What the giants can learn about customer service from the challenger brands

What the giants can learn about customer service from the challenger brands

In October we’re exhibiting at a niche business show. To support this we’ve decided to invest in a new exhibition stand. The design has been agreed and the order placed. Last week our new stand was due to be delivered. An international carrier was selected by our supplier to make our delivery.

On Thursday I was out of the office. On return I picked up a ‘Sorry we missed you!’ card telling me that a failed delivery had taken place. This was disappointing to receive as other businesses are based in our building and we have an agreement we’ll sign for each others’ deliveries. However, the good news was that the calling card said a further delivery will be attempted on the next working day. I went on line to see if I could track my delivery. Unfortunately the courier’s website wasn’t working, displaying an error message.

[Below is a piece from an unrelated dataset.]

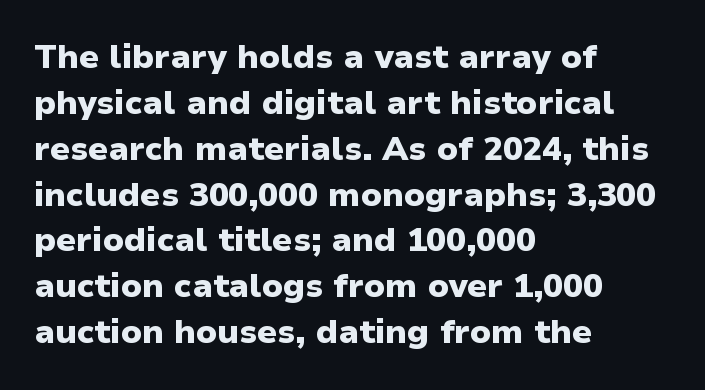
The space beneath each line is pristine and unruled. You can tell it's not italic because the verticals are truly vertical. Do the characters align in a grid? No, the font is proportional. Letterform terminals end flat and unadorned throughout the passage. Heavy, bold letterforms.

On Friday there was no delivery and no calling card. More disappointment. I went on line to see if I could track my delivery. Unfortunately the courier’s website still wasn’t working. Even more disappointment.

On Saturday morning I checked the website again, using the consignment number as before. Still the website wasn’t working. My disappointment was now turning to frustration.

I then telephoned the help desk, asking for an update on where my delivery was and when the delivery is likely to take place. The young woman that I spoke to was very pleasant and helpful. She informed me that failed deliveries had taken place on Wednesday (which was news to me as no calling card was left) and Thursday. She then explained that no delivery was attempted on the Friday. However, a delivery was to be made on the Saturday (which was not a working day).

By this time my frustration turned into resignation. We arranged for the parcel to be returned to the depot in Wellingborough and that I would collect it later.

I did mention that calling ahead (by either the delivery driver or the call centre) would have avoided 3 failed deliveries. As well as making the my life easier (as the customer) it would also save time and money for the courier. The young woman on the help desk agreed but said that the delivery drivers are not allowed mobile phones. She couldn’t say why. I wonder how her levels of motivation and engagement are sustained as she remains unable to help influence to improve things.

The delivery company involved is TNT. This is an international company with a huge reputation. I guess this is why they were chosen.

Now compare TNT’s approach to that of Breezemount UK. This is a family owned company that has grown enormously over recent years. They specialise in delivery in 2-man home delivery. Their process is to agree a delivery day and an approximate time. They call ahead to make sure the delivery can be made and that the expected delivery time is convenient. Not rocket science, they just have and follow their customer-focused processes. I wish our supplier had chosen Breezemount UK over TNT to deliver our exhibition stand.

Breezemount UK is clearly a challenger brand. My message to them is please keep challenging – I think you may well wake up some sleeping giants.